Después, tenemos un pianista, Marcus Pride, que sabe acompañar con sensibilidad a los cantantes. Las canciones de Prévert han sido muchas veces grabadas con arreglos instrumentales espantosos, testimonios de las modas sonoras de la música popular de cada época. Con acompañamiento sólo pianístico, las mismas canciones ganan en austeridad y elegancia, en este caso, gracias también al mencionado Marcus Pride y al particular color del Pleyel de 1928 elegido para este registro.

Hay, además, un cantante, Arnaud Marzorati, que, evidentemente, domina su voz, jugando con los excesos expresivos y teatrales que permiten estas canciones. Escucharlo en canciones como Les bruits de la nui, La belle saison, La pêche à la baleine o La fable te deja con una sonrisa en los labios o con el corazón encogido, conforme el texto.

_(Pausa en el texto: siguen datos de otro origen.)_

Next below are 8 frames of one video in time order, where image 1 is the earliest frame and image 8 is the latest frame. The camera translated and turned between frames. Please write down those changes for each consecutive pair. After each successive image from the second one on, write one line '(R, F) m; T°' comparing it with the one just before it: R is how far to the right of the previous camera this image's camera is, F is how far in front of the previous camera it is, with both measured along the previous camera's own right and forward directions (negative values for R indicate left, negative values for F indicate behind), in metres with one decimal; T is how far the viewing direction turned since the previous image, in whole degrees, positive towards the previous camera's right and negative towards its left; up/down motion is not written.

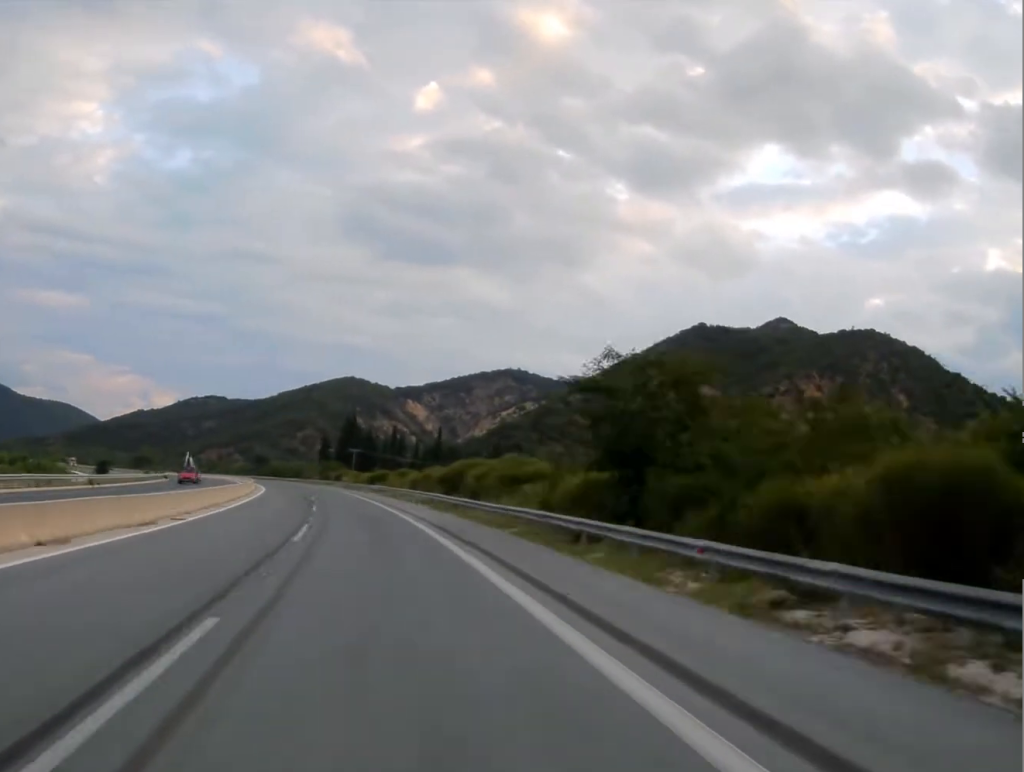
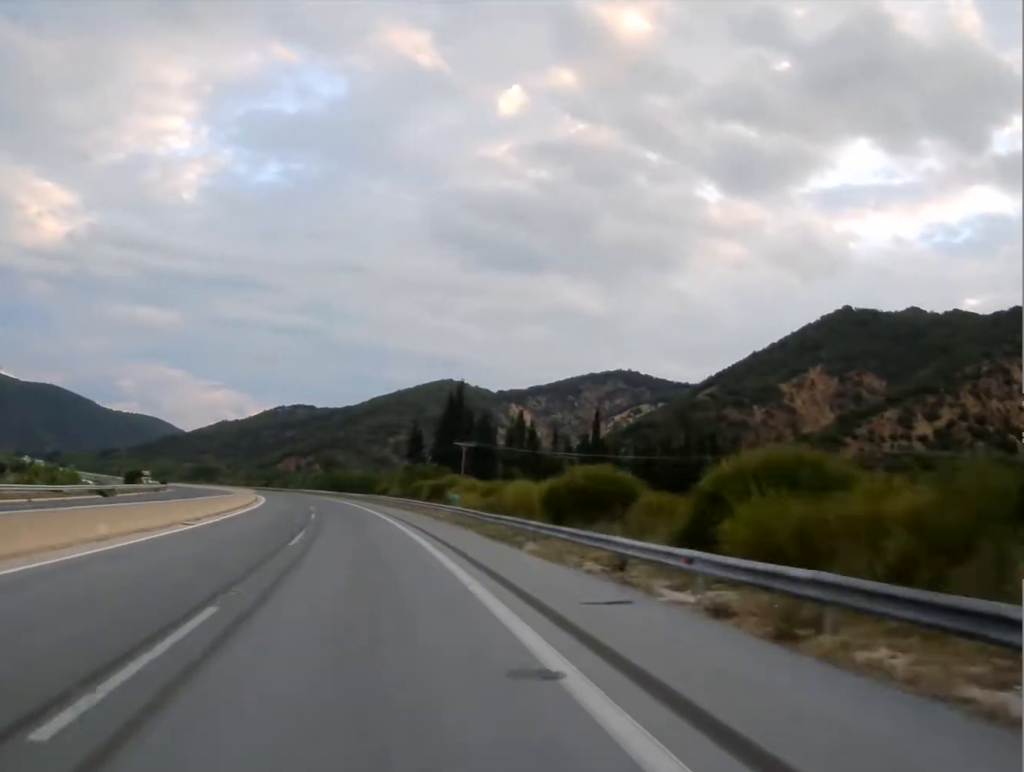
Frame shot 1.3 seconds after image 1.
(-3.0, +72.7) m; -6°
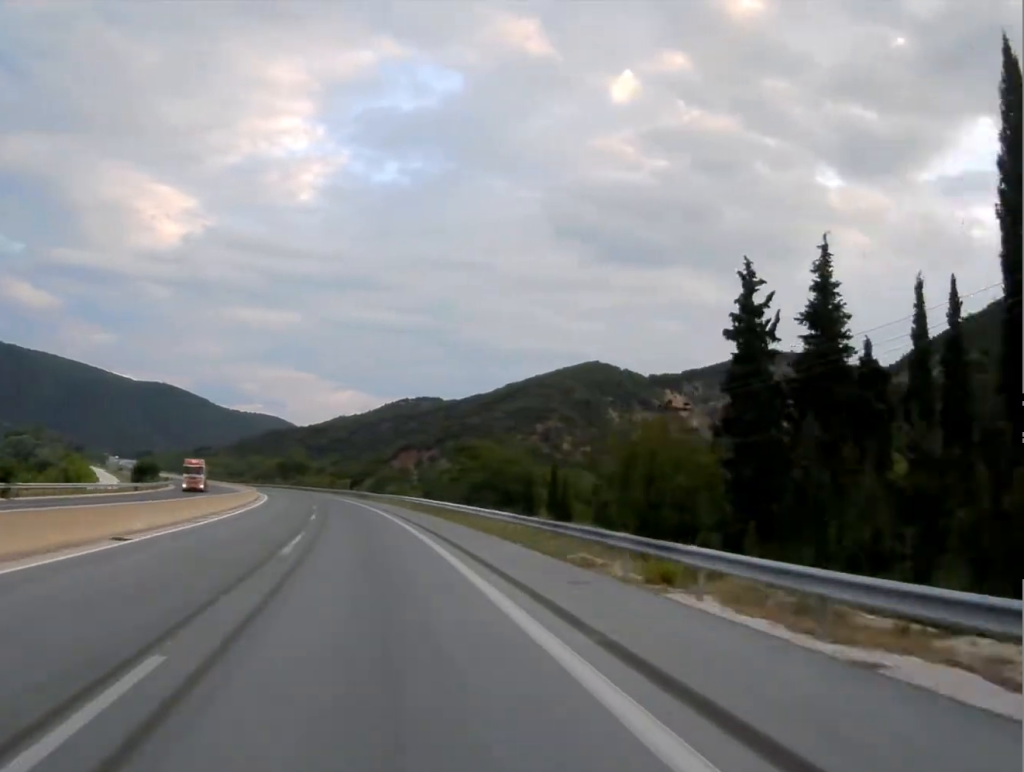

Tampoco tengo nada que objetar al folleto que acompaña al CD, con información pertinente sobre los autores y diseño gráfico basado en ilustraciones del surrealista Félicien Rops.

Entonces, se preguntarán, ¿cuál es el problema? Es el típico de las cantantes líricas de calidad mediana que se ponen a interpretar piezas inmortalizadas –perdonen el exceso– por iconos de la cultura popular como Juliette Gréco o Yves Montand. El caso es que Gersende Florens tiene indudables dotes teatrales, demostradas, por ejemplo, en el intermedio En famille, que no es cantado. Pero no es capaz de controlar su voz para ponerla al servicio de estas canciones (sobre todo cuando exigen una cierta contención emocional), además de demostrar algunos pequeños defectos e inseguridades vocales evidentes. Cuando antes he citado a Juliette Gréco y a Yves Montand no lo he hecho de forma gratuita: por ejemplo, en Et puis après… o en Le jardin, los prefiero, sin duda, a ellos.